EXERCISE MATERIAL
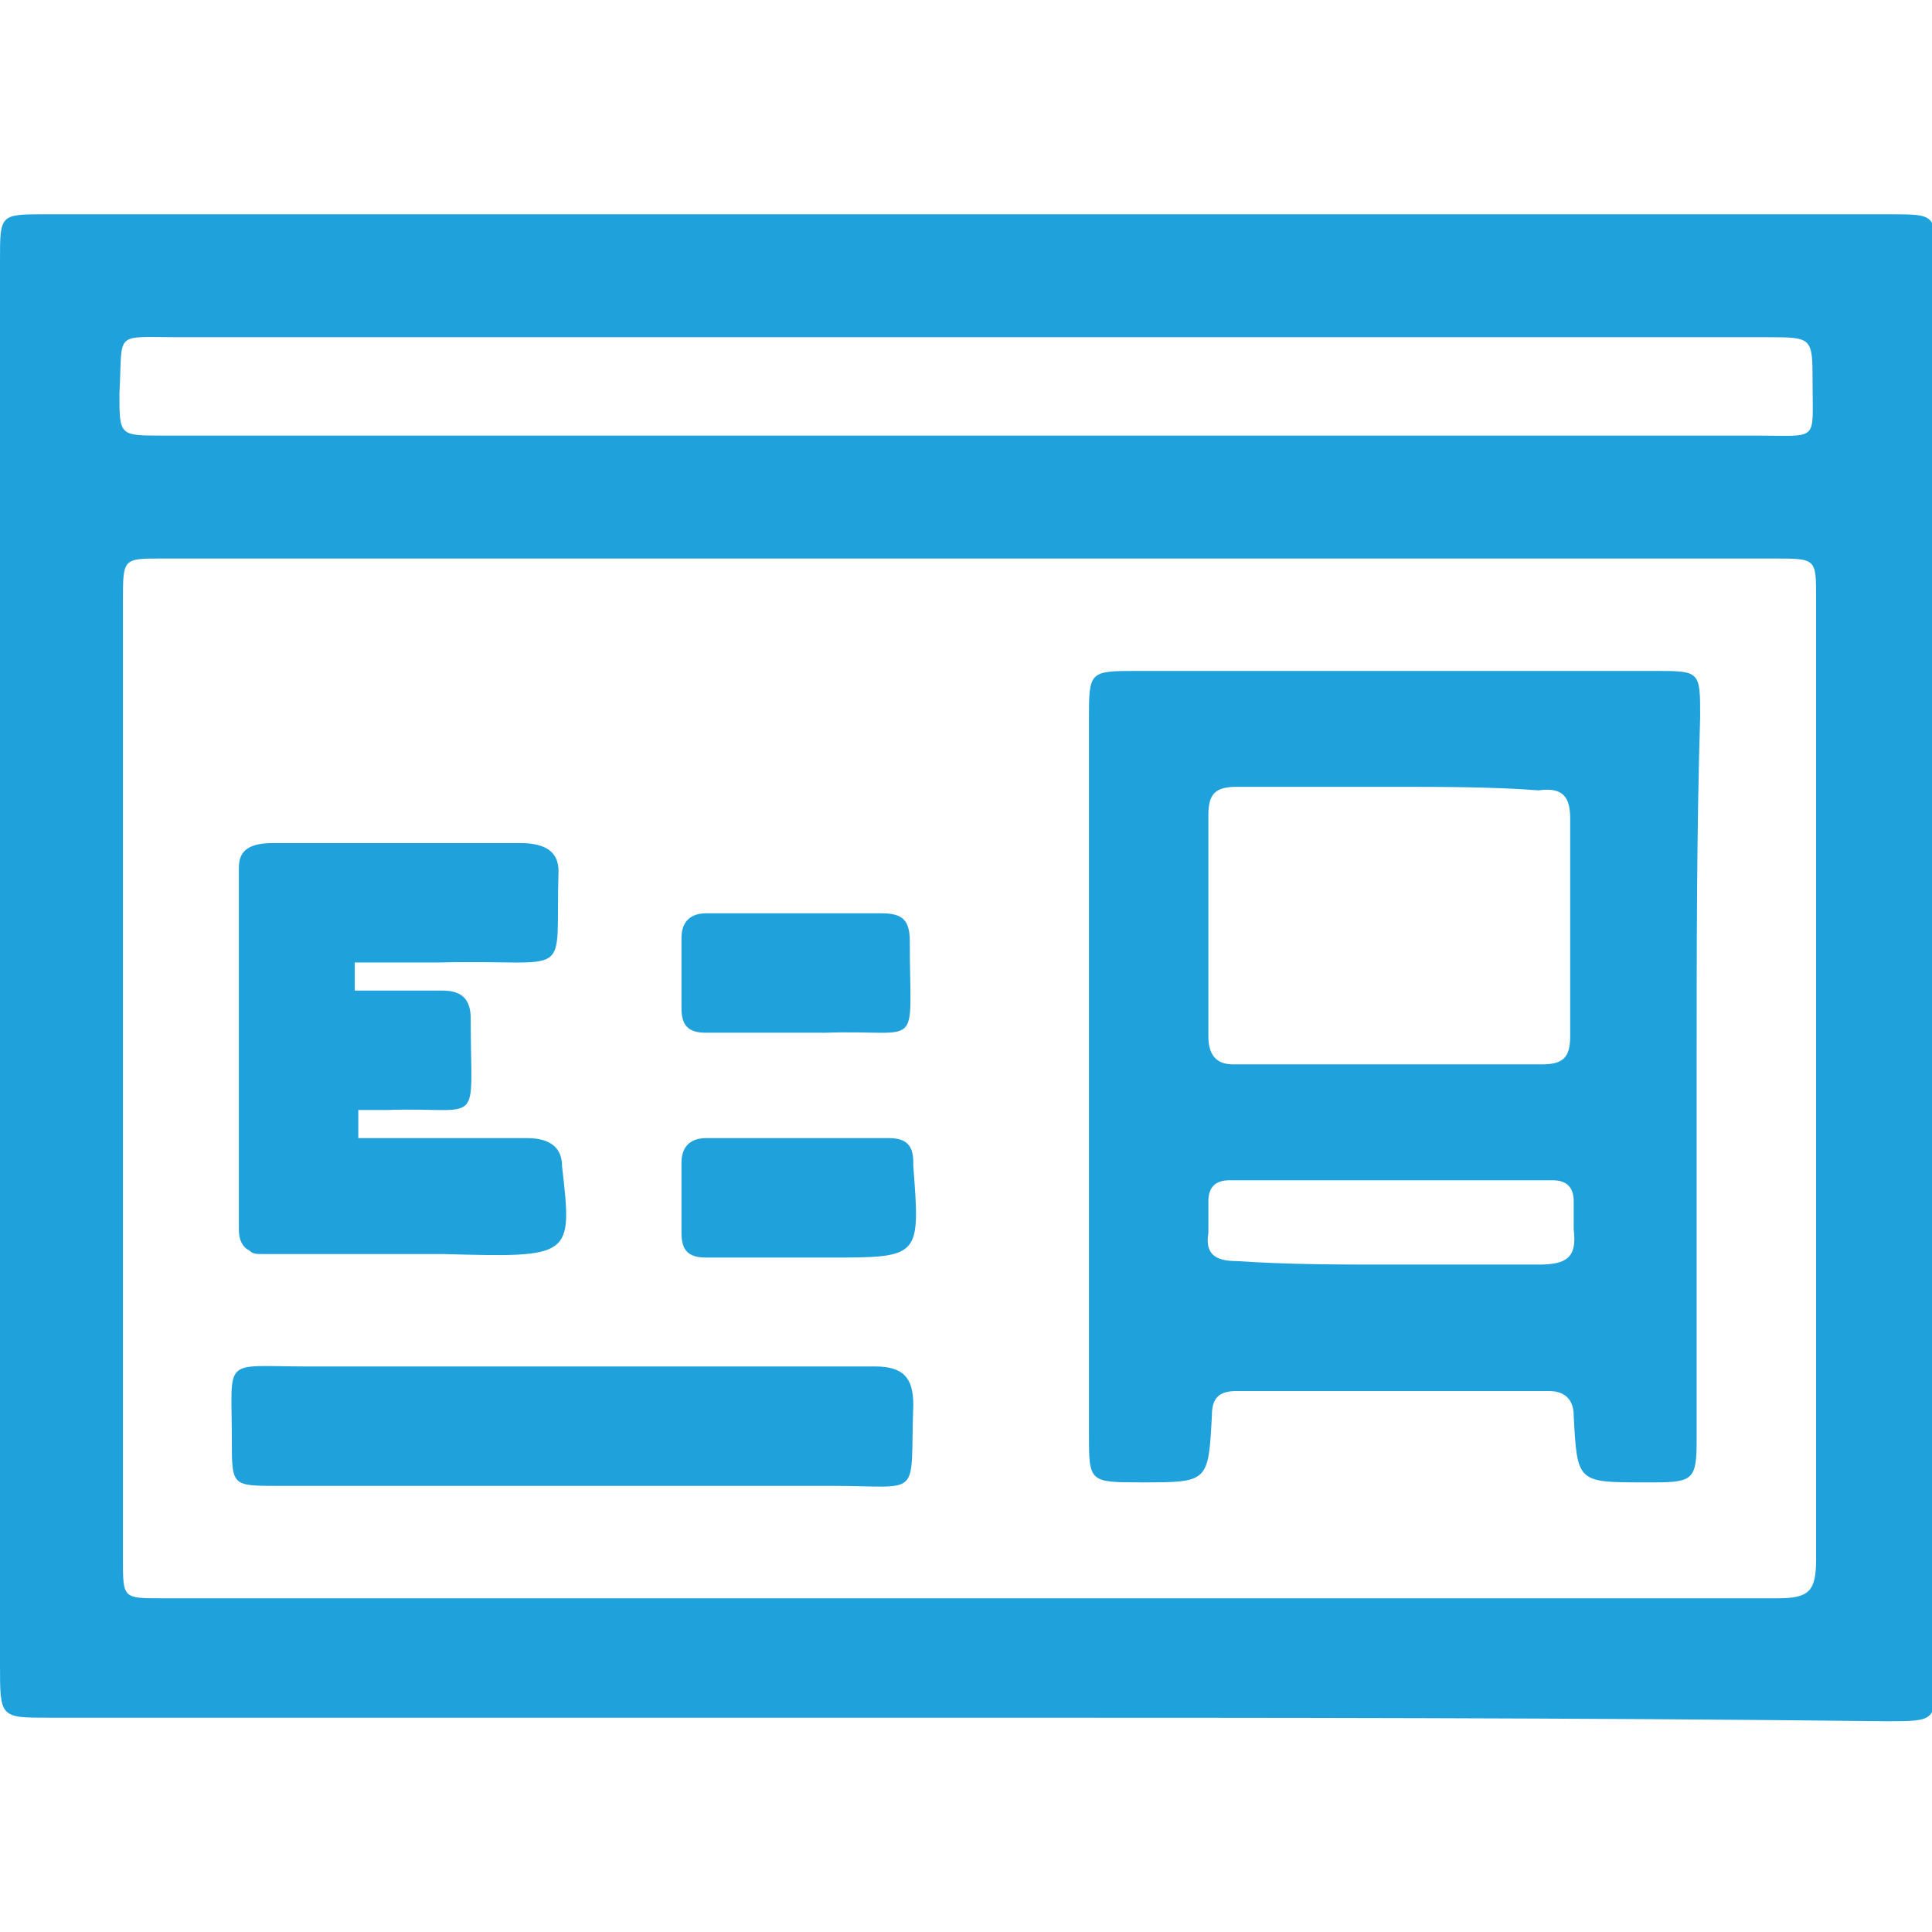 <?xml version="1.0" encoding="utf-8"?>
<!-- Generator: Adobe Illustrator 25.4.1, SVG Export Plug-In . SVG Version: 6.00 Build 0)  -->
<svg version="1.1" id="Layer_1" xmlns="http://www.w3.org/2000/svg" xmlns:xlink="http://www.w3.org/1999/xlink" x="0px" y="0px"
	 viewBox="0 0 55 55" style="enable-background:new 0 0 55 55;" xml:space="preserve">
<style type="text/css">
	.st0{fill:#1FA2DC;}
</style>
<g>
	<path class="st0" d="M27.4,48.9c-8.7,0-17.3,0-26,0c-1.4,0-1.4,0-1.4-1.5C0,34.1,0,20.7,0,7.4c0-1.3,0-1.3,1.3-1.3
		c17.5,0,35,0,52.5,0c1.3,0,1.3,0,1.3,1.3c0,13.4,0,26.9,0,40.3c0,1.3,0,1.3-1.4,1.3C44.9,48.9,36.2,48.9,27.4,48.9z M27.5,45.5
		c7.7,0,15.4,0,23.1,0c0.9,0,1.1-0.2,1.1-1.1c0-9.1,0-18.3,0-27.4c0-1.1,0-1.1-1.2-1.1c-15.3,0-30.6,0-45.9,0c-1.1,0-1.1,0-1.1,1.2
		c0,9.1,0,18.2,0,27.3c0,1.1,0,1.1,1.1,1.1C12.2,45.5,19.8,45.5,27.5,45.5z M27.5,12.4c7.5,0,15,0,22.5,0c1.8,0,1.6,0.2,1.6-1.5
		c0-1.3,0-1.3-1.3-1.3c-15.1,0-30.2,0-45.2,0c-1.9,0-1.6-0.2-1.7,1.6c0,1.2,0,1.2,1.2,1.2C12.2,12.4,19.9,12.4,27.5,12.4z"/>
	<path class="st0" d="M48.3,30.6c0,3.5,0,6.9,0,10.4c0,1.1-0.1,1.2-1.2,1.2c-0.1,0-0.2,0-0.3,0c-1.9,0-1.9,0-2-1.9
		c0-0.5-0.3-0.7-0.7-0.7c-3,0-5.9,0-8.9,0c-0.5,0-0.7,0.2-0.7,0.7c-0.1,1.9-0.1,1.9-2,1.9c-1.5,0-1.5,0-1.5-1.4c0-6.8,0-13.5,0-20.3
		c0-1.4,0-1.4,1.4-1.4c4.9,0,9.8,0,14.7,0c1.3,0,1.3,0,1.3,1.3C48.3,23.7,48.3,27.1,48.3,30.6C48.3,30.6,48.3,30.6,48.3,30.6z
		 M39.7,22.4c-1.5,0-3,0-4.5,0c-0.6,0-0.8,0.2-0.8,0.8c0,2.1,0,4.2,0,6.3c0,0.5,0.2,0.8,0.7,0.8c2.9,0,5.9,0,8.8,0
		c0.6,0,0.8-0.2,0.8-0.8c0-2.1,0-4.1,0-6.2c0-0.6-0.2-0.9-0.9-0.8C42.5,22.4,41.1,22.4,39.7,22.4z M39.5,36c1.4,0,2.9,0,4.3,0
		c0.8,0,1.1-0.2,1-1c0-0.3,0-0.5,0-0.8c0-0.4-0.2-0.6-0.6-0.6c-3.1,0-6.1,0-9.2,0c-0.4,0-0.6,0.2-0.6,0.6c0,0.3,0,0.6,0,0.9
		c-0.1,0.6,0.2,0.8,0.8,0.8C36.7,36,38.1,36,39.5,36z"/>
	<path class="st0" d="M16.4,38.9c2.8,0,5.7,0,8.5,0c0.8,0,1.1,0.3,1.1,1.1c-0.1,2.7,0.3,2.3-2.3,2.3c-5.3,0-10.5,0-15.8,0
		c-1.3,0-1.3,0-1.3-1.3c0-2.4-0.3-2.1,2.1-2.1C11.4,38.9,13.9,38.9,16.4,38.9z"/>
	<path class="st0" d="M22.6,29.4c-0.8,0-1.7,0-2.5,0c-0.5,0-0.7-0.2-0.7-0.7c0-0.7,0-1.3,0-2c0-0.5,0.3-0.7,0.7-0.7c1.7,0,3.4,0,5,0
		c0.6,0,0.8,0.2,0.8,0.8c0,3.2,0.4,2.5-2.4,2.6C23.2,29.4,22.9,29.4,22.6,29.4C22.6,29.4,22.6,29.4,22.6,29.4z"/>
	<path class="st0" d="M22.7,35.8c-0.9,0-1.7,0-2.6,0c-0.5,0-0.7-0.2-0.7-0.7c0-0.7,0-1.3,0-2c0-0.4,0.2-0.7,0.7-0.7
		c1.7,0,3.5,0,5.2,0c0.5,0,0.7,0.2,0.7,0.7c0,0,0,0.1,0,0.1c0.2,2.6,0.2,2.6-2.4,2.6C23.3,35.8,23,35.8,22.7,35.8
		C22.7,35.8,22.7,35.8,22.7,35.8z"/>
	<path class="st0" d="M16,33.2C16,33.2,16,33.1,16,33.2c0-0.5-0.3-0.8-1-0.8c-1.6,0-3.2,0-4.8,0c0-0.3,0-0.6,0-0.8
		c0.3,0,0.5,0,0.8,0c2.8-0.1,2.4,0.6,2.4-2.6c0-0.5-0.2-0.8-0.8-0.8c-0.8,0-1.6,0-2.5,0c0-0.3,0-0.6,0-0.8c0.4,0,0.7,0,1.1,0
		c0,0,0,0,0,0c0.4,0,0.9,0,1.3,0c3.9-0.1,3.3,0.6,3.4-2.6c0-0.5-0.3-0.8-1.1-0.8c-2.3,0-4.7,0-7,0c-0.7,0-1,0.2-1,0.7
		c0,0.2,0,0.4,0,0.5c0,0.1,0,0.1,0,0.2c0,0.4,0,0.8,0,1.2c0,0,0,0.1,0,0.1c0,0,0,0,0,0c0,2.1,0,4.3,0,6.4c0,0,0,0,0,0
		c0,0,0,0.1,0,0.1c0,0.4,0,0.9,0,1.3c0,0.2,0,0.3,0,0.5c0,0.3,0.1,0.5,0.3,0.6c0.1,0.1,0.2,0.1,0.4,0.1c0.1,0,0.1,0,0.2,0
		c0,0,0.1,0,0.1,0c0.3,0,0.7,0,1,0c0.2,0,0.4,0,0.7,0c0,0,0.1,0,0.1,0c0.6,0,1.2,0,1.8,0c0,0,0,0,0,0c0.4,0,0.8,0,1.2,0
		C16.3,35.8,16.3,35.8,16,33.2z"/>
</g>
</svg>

==

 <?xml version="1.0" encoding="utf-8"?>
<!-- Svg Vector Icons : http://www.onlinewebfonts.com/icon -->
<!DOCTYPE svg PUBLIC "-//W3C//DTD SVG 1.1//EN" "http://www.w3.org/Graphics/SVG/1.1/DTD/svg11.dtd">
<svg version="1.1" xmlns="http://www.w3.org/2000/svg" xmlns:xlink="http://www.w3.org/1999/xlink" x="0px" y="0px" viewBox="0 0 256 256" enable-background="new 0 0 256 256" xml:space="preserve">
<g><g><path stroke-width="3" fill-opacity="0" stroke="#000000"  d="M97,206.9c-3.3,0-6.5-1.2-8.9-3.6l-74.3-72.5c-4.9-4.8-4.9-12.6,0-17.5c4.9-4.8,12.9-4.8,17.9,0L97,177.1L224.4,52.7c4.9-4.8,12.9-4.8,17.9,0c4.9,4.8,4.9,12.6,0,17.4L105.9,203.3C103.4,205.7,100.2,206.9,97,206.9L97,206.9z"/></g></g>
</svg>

REQUIREMENT
Scan the records above for the word "class". Copy each line that has it.

EXERCISE RESPONSE
	<path class="st0" d="M27.4,48.9c-8.7,0-17.3,0-26,0c-1.4,0-1.4,0-1.4-1.5C0,34.1,0,20.7,0,7.4c0-1.3,0-1.3,1.3-1.3
	<path class="st0" d="M48.3,30.6c0,3.5,0,6.9,0,10.4c0,1.1-0.1,1.2-1.2,1.2c-0.1,0-0.2,0-0.3,0c-1.9,0-1.9,0-2-1.9
	<path class="st0" d="M16.4,38.9c2.8,0,5.7,0,8.5,0c0.8,0,1.1,0.3,1.1,1.1c-0.1,2.7,0.3,2.3-2.3,2.3c-5.3,0-10.5,0-15.8,0
	<path class="st0" d="M22.6,29.4c-0.8,0-1.7,0-2.5,0c-0.5,0-0.7-0.2-0.7-0.7c0-0.7,0-1.3,0-2c0-0.5,0.3-0.7,0.7-0.7c1.7,0,3.4,0,5,0
	<path class="st0" d="M22.7,35.8c-0.9,0-1.7,0-2.6,0c-0.5,0-0.7-0.2-0.7-0.7c0-0.7,0-1.3,0-2c0-0.4,0.2-0.7,0.7-0.7
	<path class="st0" d="M16,33.2C16,33.2,16,33.1,16,33.2c0-0.5-0.3-0.8-1-0.8c-1.6,0-3.2,0-4.8,0c0-0.3,0-0.6,0-0.8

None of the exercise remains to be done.